On Monday, the Pew Research Center's Project for Excellence in Journalism released the findings of a new study which showed that with more and more people now turning to YouTube for news, the Google-owned video-sharing site is fast becoming a major news platform.
According to the study, titled "YouTube and News: A New Kind of Visual News," a 15-month observation – from January 2011 to March 2012
- of the most popular news videos on YouTube has revealed that an increasing number of viewers are turning to the popular site for eyewitness videos whenever there is any major event in the world or a natural calamity.
Going by the Pew study’s findings, over one-third of the most-watched videos during the 15-month period had been contributed by YouTube users; and, though over 50 percent of the news stories came from news organizations, the footage in several official news videos incorporated videos recorded by YouTube users.

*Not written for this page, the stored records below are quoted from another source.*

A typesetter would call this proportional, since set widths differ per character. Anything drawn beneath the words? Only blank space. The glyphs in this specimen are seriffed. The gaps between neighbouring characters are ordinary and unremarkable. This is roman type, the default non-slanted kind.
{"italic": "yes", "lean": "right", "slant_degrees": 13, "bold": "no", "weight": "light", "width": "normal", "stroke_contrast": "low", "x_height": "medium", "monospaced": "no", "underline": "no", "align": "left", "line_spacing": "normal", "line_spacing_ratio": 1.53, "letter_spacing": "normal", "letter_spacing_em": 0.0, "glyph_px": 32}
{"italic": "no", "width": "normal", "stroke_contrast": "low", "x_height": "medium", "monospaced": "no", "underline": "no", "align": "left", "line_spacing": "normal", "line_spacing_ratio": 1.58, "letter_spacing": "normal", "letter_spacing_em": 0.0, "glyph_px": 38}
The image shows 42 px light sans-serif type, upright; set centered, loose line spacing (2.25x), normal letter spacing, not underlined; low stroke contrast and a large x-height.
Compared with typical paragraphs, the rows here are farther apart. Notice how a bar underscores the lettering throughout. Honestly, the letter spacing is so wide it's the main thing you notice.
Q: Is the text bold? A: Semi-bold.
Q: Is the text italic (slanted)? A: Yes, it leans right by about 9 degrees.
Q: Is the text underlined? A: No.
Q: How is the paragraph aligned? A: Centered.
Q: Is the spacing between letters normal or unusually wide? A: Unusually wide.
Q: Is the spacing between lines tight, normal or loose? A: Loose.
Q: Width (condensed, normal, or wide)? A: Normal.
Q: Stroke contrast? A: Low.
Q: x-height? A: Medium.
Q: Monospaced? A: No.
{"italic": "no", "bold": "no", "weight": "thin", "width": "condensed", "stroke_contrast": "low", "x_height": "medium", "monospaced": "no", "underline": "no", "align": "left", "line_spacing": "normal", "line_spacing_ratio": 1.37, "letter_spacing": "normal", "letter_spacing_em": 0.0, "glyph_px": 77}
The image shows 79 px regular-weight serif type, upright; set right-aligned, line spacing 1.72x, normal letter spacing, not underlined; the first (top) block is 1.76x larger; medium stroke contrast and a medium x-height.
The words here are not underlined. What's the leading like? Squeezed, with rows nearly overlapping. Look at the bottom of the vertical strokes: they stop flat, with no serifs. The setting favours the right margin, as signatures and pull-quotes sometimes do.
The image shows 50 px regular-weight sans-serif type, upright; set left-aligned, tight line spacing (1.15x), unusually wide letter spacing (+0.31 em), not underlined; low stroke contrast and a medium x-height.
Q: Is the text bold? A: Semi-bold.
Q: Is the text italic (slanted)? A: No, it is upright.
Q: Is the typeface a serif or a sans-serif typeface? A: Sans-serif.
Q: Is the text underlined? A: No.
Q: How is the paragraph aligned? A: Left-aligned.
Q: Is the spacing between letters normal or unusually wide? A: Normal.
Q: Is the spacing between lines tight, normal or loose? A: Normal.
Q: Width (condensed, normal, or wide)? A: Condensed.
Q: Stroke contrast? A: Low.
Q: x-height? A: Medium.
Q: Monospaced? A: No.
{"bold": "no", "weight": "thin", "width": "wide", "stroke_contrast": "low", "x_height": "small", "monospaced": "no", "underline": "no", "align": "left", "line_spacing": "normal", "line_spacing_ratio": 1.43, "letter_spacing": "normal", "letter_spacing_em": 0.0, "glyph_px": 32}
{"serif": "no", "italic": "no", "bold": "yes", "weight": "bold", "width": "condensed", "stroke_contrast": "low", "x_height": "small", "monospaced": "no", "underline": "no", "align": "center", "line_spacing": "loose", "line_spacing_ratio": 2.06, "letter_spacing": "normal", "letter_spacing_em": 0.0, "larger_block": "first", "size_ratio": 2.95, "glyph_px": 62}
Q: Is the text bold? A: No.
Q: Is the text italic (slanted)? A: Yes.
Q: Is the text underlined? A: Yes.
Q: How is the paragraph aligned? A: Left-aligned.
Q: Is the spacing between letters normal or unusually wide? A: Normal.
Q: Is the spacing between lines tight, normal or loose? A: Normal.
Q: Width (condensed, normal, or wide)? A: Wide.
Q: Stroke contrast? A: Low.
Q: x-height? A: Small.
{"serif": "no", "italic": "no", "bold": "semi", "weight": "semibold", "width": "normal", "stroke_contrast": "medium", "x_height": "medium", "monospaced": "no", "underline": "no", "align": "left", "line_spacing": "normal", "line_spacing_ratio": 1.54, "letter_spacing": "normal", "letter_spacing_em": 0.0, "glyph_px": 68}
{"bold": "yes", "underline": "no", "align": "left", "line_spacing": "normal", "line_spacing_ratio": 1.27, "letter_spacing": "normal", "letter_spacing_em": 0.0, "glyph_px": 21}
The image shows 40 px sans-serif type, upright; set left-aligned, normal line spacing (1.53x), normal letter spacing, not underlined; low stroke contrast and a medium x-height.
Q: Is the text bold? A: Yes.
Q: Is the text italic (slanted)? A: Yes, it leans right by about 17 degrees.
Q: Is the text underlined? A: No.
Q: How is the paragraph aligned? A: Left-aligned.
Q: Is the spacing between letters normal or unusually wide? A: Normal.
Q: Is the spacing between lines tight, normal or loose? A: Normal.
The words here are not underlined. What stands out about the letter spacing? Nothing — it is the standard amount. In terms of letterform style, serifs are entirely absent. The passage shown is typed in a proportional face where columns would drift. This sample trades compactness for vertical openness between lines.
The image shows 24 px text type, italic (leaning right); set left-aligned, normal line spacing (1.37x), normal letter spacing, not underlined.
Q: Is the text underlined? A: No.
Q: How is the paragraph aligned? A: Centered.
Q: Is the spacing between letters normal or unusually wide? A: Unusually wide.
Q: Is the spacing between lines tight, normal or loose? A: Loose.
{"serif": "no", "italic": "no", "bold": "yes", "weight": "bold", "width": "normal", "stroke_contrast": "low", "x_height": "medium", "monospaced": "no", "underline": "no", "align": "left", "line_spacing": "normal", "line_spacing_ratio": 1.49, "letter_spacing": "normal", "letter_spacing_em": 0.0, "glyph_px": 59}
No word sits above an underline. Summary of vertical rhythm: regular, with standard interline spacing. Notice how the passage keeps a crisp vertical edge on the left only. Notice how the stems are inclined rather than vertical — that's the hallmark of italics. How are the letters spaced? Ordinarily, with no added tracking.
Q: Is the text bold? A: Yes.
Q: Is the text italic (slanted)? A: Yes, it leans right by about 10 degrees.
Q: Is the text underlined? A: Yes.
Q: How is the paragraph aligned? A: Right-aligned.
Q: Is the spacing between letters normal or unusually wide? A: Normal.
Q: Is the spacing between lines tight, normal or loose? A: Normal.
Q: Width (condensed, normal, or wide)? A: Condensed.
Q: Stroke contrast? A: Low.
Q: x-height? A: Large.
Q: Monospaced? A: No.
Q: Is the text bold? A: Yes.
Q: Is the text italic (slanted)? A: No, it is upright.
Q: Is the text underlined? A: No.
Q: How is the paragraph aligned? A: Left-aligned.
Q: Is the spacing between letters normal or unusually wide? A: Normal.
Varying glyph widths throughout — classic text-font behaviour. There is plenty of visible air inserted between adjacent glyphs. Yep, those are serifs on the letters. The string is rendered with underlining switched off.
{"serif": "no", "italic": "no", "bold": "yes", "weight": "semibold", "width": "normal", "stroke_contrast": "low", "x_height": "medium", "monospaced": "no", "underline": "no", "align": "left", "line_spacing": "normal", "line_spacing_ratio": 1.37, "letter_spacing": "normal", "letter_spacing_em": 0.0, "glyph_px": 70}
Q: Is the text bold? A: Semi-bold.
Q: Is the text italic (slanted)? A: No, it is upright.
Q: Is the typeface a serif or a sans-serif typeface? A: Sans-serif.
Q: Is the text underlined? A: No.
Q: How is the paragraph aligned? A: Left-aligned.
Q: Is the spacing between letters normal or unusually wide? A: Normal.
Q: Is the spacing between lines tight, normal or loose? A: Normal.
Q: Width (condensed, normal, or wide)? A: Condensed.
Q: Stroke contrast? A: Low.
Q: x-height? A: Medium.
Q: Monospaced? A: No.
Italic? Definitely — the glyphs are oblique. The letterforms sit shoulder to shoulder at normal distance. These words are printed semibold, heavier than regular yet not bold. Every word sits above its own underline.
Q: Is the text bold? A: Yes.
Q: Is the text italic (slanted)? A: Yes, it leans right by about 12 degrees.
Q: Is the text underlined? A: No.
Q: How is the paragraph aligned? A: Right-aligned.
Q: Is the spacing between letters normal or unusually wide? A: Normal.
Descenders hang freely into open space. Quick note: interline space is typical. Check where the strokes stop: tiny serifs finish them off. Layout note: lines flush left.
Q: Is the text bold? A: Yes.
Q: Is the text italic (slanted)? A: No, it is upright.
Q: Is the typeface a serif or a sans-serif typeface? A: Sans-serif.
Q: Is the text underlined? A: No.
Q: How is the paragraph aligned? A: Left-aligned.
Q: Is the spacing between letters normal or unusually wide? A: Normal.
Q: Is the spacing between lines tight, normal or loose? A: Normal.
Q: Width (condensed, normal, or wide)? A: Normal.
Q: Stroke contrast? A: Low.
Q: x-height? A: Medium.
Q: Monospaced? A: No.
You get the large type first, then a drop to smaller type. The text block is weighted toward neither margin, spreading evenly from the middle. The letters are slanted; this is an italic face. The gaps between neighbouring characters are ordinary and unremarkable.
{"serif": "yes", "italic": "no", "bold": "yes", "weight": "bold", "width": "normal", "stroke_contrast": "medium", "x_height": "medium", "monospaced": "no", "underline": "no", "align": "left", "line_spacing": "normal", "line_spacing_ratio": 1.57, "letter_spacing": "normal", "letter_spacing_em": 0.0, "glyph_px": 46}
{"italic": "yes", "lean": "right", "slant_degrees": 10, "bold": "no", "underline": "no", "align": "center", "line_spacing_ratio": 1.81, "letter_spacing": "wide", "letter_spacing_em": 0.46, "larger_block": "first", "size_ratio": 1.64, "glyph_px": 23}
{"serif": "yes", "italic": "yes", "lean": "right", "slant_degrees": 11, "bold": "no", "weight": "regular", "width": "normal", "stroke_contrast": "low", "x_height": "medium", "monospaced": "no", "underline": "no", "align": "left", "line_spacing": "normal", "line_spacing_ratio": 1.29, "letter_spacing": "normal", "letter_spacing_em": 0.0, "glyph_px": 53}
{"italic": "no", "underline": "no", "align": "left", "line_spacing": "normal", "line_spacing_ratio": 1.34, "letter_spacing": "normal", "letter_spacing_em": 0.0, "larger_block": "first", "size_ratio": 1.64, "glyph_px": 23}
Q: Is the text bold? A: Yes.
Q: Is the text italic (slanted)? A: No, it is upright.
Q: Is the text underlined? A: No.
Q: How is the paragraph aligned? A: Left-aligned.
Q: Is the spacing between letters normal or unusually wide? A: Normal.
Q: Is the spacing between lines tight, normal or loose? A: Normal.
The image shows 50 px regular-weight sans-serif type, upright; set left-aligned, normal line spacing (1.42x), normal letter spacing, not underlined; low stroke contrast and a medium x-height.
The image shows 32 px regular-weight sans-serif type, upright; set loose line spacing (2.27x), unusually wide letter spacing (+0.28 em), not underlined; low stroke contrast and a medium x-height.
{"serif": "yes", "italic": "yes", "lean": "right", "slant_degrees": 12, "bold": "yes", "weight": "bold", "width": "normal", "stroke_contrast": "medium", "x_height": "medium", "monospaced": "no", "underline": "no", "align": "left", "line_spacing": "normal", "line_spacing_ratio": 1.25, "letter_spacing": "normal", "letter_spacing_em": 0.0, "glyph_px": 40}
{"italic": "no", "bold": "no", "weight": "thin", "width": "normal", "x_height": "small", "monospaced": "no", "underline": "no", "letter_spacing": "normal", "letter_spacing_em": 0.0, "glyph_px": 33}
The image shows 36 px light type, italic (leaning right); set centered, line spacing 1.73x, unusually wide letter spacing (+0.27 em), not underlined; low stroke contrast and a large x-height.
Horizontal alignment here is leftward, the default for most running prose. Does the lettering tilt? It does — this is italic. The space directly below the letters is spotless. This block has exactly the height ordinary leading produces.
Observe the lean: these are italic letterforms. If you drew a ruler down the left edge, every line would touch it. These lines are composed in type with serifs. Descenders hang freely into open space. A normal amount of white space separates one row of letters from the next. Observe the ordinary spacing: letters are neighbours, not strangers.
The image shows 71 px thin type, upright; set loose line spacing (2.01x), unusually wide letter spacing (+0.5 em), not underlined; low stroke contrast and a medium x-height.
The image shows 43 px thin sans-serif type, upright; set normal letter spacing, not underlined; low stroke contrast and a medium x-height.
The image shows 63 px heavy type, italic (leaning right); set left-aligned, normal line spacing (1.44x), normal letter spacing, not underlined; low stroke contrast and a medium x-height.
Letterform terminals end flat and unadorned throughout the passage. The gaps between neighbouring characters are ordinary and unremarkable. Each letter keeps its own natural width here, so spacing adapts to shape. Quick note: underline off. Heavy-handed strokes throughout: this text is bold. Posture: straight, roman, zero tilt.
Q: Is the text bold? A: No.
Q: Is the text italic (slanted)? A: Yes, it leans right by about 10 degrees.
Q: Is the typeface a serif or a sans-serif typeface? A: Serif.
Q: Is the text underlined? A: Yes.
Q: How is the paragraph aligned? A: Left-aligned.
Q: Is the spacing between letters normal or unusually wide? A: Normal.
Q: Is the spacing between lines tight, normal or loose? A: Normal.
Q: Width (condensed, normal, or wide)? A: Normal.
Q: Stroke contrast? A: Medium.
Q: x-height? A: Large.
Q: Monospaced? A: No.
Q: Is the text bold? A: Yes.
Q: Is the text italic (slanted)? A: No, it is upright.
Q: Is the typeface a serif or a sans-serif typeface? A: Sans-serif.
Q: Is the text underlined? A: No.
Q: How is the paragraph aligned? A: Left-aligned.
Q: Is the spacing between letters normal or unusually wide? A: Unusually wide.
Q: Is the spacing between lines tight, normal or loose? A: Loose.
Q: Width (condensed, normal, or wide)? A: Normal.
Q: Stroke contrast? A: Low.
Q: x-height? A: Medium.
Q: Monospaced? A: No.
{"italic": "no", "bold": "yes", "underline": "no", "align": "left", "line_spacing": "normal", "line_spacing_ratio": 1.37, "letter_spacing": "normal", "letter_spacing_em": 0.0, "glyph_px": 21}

Although the number of TV news viewers is still much more than those watching news on YouTube, the findings nonetheless showed that the video-sharing site is a growing digital environment in which professional journalism gets combined with content posted by general public.
Noting that news-sharing on YouTube marks “a new form of video journalism,” Amy Mitchell - deputy director of the Pew Research Center's Project for Excellence in Journalism – said: "It's a form in which the relationship between news organizations and citizens is more dynamic and more multiverse than we've seen in most other platforms before."